**Work instructions:**
The lines to copy are those holding the string "beige" in the entries below.

**The records:**
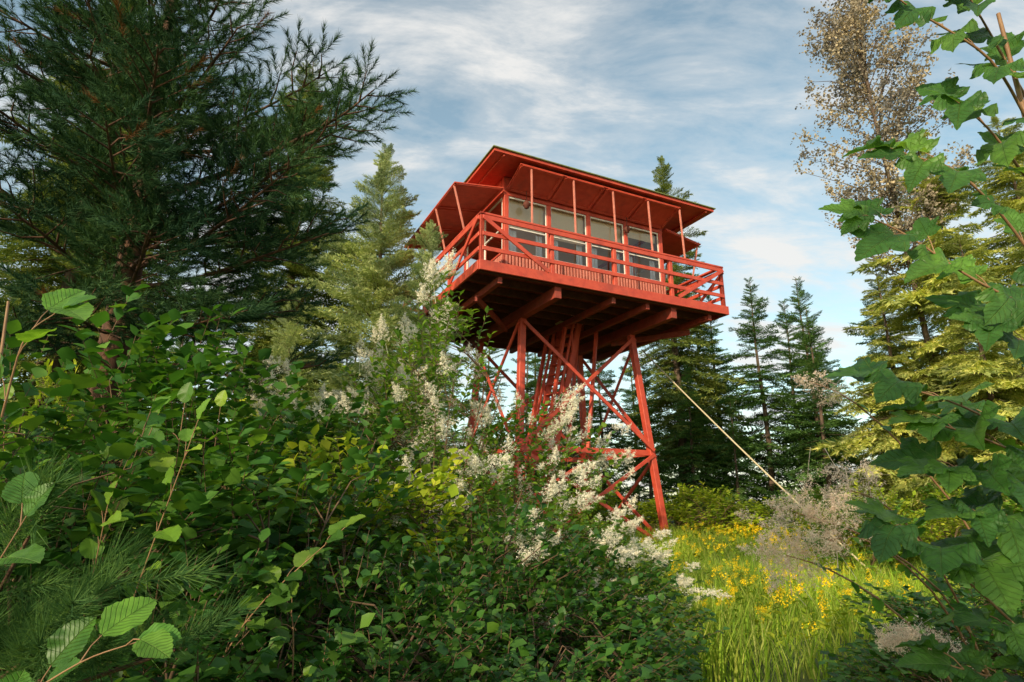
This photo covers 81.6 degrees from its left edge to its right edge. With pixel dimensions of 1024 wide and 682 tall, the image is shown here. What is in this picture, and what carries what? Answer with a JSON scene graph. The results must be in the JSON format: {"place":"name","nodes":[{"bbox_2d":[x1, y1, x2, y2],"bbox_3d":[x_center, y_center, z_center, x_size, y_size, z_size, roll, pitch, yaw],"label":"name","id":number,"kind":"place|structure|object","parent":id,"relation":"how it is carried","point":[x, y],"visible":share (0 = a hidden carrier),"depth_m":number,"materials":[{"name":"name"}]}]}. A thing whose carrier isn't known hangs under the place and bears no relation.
{"place":"outdoors","nodes":[
{"label":"outdoors","id":0,"kind":"place"},
{"bbox_2d":[0,0,1023,501],"label":"sky","id":1,"kind":"structure","parent":0,"point":[607,88],"materials":[{"name":"blue"}]},
{"bbox_2d":[102,502,1022,681],"bbox_3d":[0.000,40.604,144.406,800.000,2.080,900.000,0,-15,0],"label":"ground","id":2,"kind":"structure","parent":0,"point":[802,679],"depth_m":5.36,"materials":[{"name":"green plant"}]},
{"bbox_2d":[0,364,141,669],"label":"leafy shrub","id":3,"kind":"object","parent":2,"relation":"on","point":[13,412],"visible":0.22,"depth_m":2.86,"materials":[{"name":"green plant"}]},
{"bbox_2d":[0,288,181,681],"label":"alder sapling","id":4,"kind":"object","parent":2,"relation":"on","point":[154,640],"visible":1,"depth_m":1.28,"materials":[{"name":"green plant"}]},
{"bbox_2d":[0,0,187,508],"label":"fir tree","id":5,"kind":"object","parent":2,"relation":"on","point":[45,260],"visible":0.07,"depth_m":13.30,"materials":[{"name":"green plant"}]},
{"bbox_2d":[6,30,190,459],"bbox_3d":[-12.113,-2.582,18.189,7.423,17.324,5.995,-6,-16,20],"label":"fir tree","id":6,"kind":"object","parent":2,"relation":"on","point":[79,371],"visible":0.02,"depth_m":17.77,"materials":[{"name":"green plant"}]},
{"bbox_2d":[0,284,250,660],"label":"leafy shrub","id":7,"kind":"object","parent":2,"relation":"on","point":[139,346],"visible":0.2,"depth_m":3.78,"materials":[{"name":"green plant"}]},
{"bbox_2d":[0,440,271,681],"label":"pine sapling","id":8,"kind":"object","parent":2,"relation":"on","point":[27,649],"visible":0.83,"depth_m":1.48,"materials":[{"name":"green plant"}]},
{"bbox_2d":[0,387,310,681],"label":"leafy shrub","id":9,"kind":"object","parent":2,"relation":"on","point":[122,444],"visible":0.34,"depth_m":2.54,"materials":[{"name":"green plant"}]},
{"bbox_2d":[0,518,317,681],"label":"shrub","id":10,"kind":"object","parent":2,"relation":"on","point":[266,655],"visible":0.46,"depth_m":2.35,"materials":[{"name":"green plant"}]},
{"bbox_2d":[0,382,365,681],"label":"hazel shoots","id":11,"kind":"object","parent":2,"relation":"on","point":[280,595],"visible":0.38,"depth_m":2.54,"materials":[{"name":"green plant"}]},
{"bbox_2d":[2,304,364,674],"bbox_3d":[-3.211,1.384,5.519,3.159,3.250,3.204,11,-19,-35],"label":"leafy shrub","id":12,"kind":"object","parent":2,"relation":"on","point":[263,354],"visible":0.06,"depth_m":5.40,"materials":[{"name":"green plant"}]},
{"bbox_2d":[130,398,257,532],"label":"sunny bush","id":13,"kind":"object","parent":2,"relation":"on","point":[201,442],"visible":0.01,"depth_m":8.74,"materials":[{"name":"green plant"}]},
{"bbox_2d":[0,311,412,677],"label":"leafy shrub","id":14,"kind":"object","parent":2,"relation":"on","point":[271,409],"visible":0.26,"depth_m":3.75,"materials":[{"name":"green plant"}]},
{"bbox_2d":[0,0,418,552],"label":"pine tree","id":15,"kind":"object","parent":2,"relation":"on","point":[150,143],"visible":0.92,"depth_m":5.77,"materials":[{"name":"green plant"}]},
{"bbox_2d":[134,400,345,588],"bbox_3d":[-3.497,2.157,7.692,2.719,3.029,2.456,-10,-18,31],"label":"sunny bush","id":16,"kind":"object","parent":2,"relation":"on","point":[302,587],"depth_m":7.92,"materials":[{"name":"green plant"}]},
{"bbox_2d":[1,417,480,681],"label":"leafy shrub","id":17,"kind":"object","parent":2,"relation":"on","point":[318,492],"visible":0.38,"depth_m":3.22,"materials":[{"name":"green plant"}]},
{"bbox_2d":[182,60,370,463],"bbox_3d":[-6.177,-1.823,16.528,5.177,14.962,6.411,5,-16,-17],"label":"fir tree","id":18,"kind":"object","parent":2,"relation":"on","point":[292,273],"visible":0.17,"depth_m":16.68,"materials":[{"name":"green plant"}]},
{"bbox_2d":[247,284,336,542],"bbox_3d":[-4.398,1.643,10.977,3.085,5.699,2.102,-3,-15,10],"label":"spruce tree","id":19,"kind":"object","parent":2,"relation":"on","point":[291,334],"visible":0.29,"depth_m":11.21,"materials":[{"name":"green plant"}]},
{"bbox_2d":[135,371,451,664],"bbox_3d":[-1.869,1.617,5.130,2.584,2.664,2.621,-13,-20,39],"label":"leafy shrub","id":20,"kind":"object","parent":2,"relation":"on","point":[247,410],"visible":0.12,"depth_m":5.35,"materials":[{"name":"green plant"}]},
{"bbox_2d":[95,526,507,681],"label":"shrub","id":21,"kind":"object","parent":2,"relation":"on","point":[317,591],"visible":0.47,"depth_m":2.89,"materials":[{"name":"green plant"}]},
{"bbox_2d":[193,338,459,617],"bbox_3d":[-2.241,1.647,6.955,3.029,3.483,2.786,-13,-20,39],"label":"oceanspray shrub","id":22,"kind":"object","parent":2,"relation":"on","point":[362,386],"visible":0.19,"depth_m":7.08,"materials":[{"name":"green plant"}]},
{"bbox_2d":[300,431,385,586],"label":"sunny bush","id":23,"kind":"object","parent":2,"relation":"on","point":[336,493],"depth_m":9.04,"materials":[{"name":"green plant"}]},
{"bbox_2d":[208,424,493,680],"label":"sunny bush","id":24,"kind":"object","parent":2,"relation":"on","point":[439,478],"visible":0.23,"depth_m":4.38,"materials":[{"name":"green plant"}]},
{"bbox_2d":[298,142,469,552],"bbox_3d":[-3.113,-0.062,13.733,4.216,10.348,5.924,8,-17,-28],"label":"spruce tree","id":25,"kind":"object","parent":2,"relation":"on","point":[373,274],"visible":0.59,"depth_m":13.73,"materials":[{"name":"green plant"}]},
{"bbox_2d":[233,605,556,681],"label":"shrub","id":26,"kind":"object","parent":2,"relation":"on","point":[318,663],"visible":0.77,"depth_m":2.55,"materials":[{"name":"green plant"}]},
{"bbox_2d":[341,219,500,568],"bbox_3d":[-1.485,0.990,9.887,2.219,6.522,3.256,6,-16,-22],"label":"spruce tree","id":27,"kind":"object","parent":2,"relation":"on","point":[431,244],"visible":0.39,"depth_m":9.91,"materials":[{"name":"green plant"}]},
{"bbox_2d":[342,444,518,587],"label":"sunny bush","id":28,"kind":"object","parent":2,"relation":"on","point":[361,544],"visible":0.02,"depth_m":8.07,"materials":[{"name":"green plant"}]},
{"bbox_2d":[301,247,586,639],"bbox_3d":[-0.800,1.203,6.245,2.999,4.015,3.323,-4,-16,15],"label":"oceanspray shrub","id":29,"kind":"object","parent":2,"relation":"on","point":[435,354],"visible":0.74,"depth_m":6.18,"materials":[{"name":"green plant"}]},
{"bbox_2d":[276,534,673,681],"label":"shrub","id":30,"kind":"object","parent":2,"relation":"on","point":[603,650],"visible":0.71,"depth_m":2.97,"materials":[{"name":"green plant"}]},
{"bbox_2d":[331,433,642,675],"bbox_3d":[-0.183,1.828,4.973,2.229,2.178,2.423,-15,-21,43],"label":"oceanspray shrub","id":31,"kind":"object","parent":2,"relation":"on","point":[458,521],"visible":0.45,"depth_m":4.86,"materials":[{"name":"green plant"}]},
{"bbox_2d":[0,199,977,529],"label":"distant forest","id":32,"kind":"object","parent":2,"relation":"on","point":[696,451],"visible":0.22,"depth_m":21.91,"materials":[{"name":"green plant"}]},
{"bbox_2d":[354,485,658,681],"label":"shrub","id":33,"kind":"object","parent":2,"relation":"on","point":[491,540],"visible":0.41,"depth_m":3.95,"materials":[{"name":"green plant"}]},
{"bbox_2d":[0,359,1023,581],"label":"undergrowth","id":34,"kind":"object","parent":2,"relation":"on","point":[684,515],"visible":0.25,"depth_m":14.64,"materials":[{"name":"green plant"}]},
{"bbox_2d":[414,386,647,613],"bbox_3d":[0.125,1.981,7.103,2.726,2.863,2.507,7,-17,-24],"label":"oceanspray shrub","id":35,"kind":"object","parent":2,"relation":"on","point":[499,425],"visible":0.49,"depth_m":6.77,"materials":[{"name":"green plant"}]},
{"bbox_2d":[487,645,603,681],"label":"shrub","id":36,"kind":"object","parent":2,"relation":"on","point":[570,668],"visible":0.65,"depth_m":2.82,"materials":[{"name":"green plant"}]},
{"bbox_2d":[420,552,708,681],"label":"shrub","id":37,"kind":"object","parent":2,"relation":"on","point":[673,644],"visible":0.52,"depth_m":3.54,"materials":[{"name":"green plant"}]},
{"bbox_2d":[403,145,728,554],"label":"fire lookout tower","id":38,"kind":"structure","parent":2,"relation":"on","point":[562,264],"depth_m":14.22,"materials":[{"name":"red paint"}]},
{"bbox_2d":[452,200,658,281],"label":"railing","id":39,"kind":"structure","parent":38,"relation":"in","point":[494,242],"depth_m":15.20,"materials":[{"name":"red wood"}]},
{"bbox_2d":[641,349,881,584],"bbox_3d":[4.816,2.174,13.272,0.097,5.764,6.812,5,-16,-18],"label":"guy cable","id":40,"kind":"object","parent":38,"relation":"attached to","point":[768,475],"visible":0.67,"depth_m":12.96,"materials":[{"name":"metal"}]},
{"bbox_2d":[529,496,621,577],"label":"sunny bush","id":41,"kind":"object","parent":2,"relation":"on","point":[572,515],"visible":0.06,"depth_m":8.76,"materials":[{"name":"green plant"}]},
{"bbox_2d":[479,530,712,681],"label":"shrub","id":42,"kind":"object","parent":2,"relation":"on","point":[647,570],"visible":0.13,"depth_m":4.95,"materials":[{"name":"green plant"}]},
{"bbox_2d":[476,538,729,681],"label":"shrub","id":43,"kind":"object","parent":2,"relation":"on","point":[633,580],"visible":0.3,"depth_m":4.21,"materials":[{"name":"green plant"}]},
{"bbox_2d":[481,506,731,663],"bbox_3d":[0.791,2.332,5.633,2.272,1.501,2.090,4,-16,-16],"label":"oceanspray shrub","id":44,"kind":"object","parent":2,"relation":"on","point":[657,553],"visible":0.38,"depth_m":5.29,"materials":[{"name":"beige plant"}]},
{"bbox_2d":[616,155,778,493],"bbox_3d":[7.462,-0.562,25.938,6.950,17.325,5.613,-6,-16,20],"label":"fir tree","id":45,"kind":"object","parent":2,"relation":"on","point":[678,357],"visible":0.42,"depth_m":25.12,"materials":[{"name":"green plant"}]},
{"bbox_2d":[663,328,750,518],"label":"fir tree","id":46,"kind":"object","parent":2,"relation":"on","point":[713,350],"visible":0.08,"depth_m":26.69,"materials":[{"name":"green plant"}]},
{"bbox_2d":[704,277,839,523],"bbox_3d":[9.595,2.677,22.936,4.872,10.743,4.778,3,-15,-11],"label":"fir tree","id":47,"kind":"object","parent":2,"relation":"on","point":[768,446],"visible":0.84,"depth_m":22.43,"materials":[{"name":"green plant"}]},
{"bbox_2d":[628,519,979,666],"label":"yellow wildflowers","id":48,"kind":"object","parent":2,"relation":"on","point":[769,603],"visible":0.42,"depth_m":6.76,"materials":[{"name":"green plant"}]},
{"bbox_2d":[777,305,869,517],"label":"fir tree","id":49,"kind":"object","parent":2,"relation":"on","point":[813,366],"visible":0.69,"depth_m":20.51,"materials":[{"name":"green plant"}]},
{"bbox_2d":[776,276,872,494],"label":"fir tree","id":50,"kind":"object","parent":2,"relation":"on","point":[793,317],"visible":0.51,"depth_m":24.54,"materials":[{"name":"green plant"}]},
{"bbox_2d":[734,368,993,681],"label":"dried flower spray","id":51,"kind":"object","parent":2,"relation":"on","point":[930,584],"visible":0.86,"depth_m":2.10,"materials":[{"name":"beige plant"}]},
{"bbox_2d":[790,0,976,401],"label":"aspen tree","id":52,"kind":"object","parent":2,"relation":"on","point":[852,44],"visible":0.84,"depth_m":19.73,"materials":[{"name":"grey plant"}]},
{"bbox_2d":[806,256,978,513],"bbox_3d":[12.136,1.892,17.951,6.369,9.743,4.368,4,-16,-13],"label":"cedar tree","id":53,"kind":"object","parent":2,"relation":"on","point":[875,439],"visible":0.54,"depth_m":17.97,"materials":[{"name":"green plant"}]},
{"bbox_2d":[818,0,1023,681],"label":"thimbleberry bush","id":54,"kind":"object","parent":2,"relation":"on","point":[995,574],"visible":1,"depth_m":1.53,"materials":[{"name":"green plant"}]},
{"bbox_2d":[818,568,1023,681],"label":"shrub","id":55,"kind":"object","parent":2,"relation":"on","point":[898,608],"visible":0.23,"depth_m":4.45,"materials":[{"name":"green plant"}]},
{"bbox_2d":[820,596,1023,681],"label":"shrub","id":56,"kind":"object","parent":2,"relation":"on","point":[872,658],"visible":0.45,"depth_m":3.66,"materials":[{"name":"green plant"}]},
{"bbox_2d":[839,127,1023,515],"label":"cedar tree","id":57,"kind":"object","parent":2,"relation":"on","point":[911,299],"visible":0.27,"depth_m":17.73,"materials":[{"name":"green plant"}]},
{"bbox_2d":[869,583,1023,681],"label":"shrub","id":58,"kind":"object","parent":2,"relation":"on","point":[984,637],"visible":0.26,"depth_m":3.67,"materials":[{"name":"green plant"}]},
{"bbox_2d":[885,233,1023,536],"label":"cedar tree","id":59,"kind":"object","parent":2,"relation":"on","point":[1009,381],"visible":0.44,"depth_m":13.47,"materials":[{"name":"green plant"}]},
{"bbox_2d":[888,558,1022,672],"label":"shrub","id":60,"kind":"object","parent":2,"relation":"on","point":[942,580],"visible":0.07,"depth_m":5.10,"materials":[{"name":"green plant"}]},
{"bbox_2d":[929,116,1023,363],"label":"cedar tree","id":61,"kind":"object","parent":2,"relation":"on","point":[1001,179],"visible":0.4,"depth_m":19.99,"materials":[{"name":"green plant"}]},
{"bbox_2d":[987,177,1023,396],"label":"cedar tree","id":62,"kind":"object","parent":2,"relation":"on","point":[1013,239],"visible":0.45,"depth_m":15.95,"materials":[{"name":"green plant"}]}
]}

**The completed task:**
{"bbox_2d":[481,506,731,663],"bbox_3d":[0.791,2.332,5.633,2.272,1.501,2.090,4,-16,-16],"label":"oceanspray shrub","id":44,"kind":"object","parent":2,"relation":"on","point":[657,553],"visible":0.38,"depth_m":5.29,"materials":[{"name":"beige plant"}]},
{"bbox_2d":[734,368,993,681],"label":"dried flower spray","id":51,"kind":"object","parent":2,"relation":"on","point":[930,584],"visible":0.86,"depth_m":2.10,"materials":[{"name":"beige plant"}]},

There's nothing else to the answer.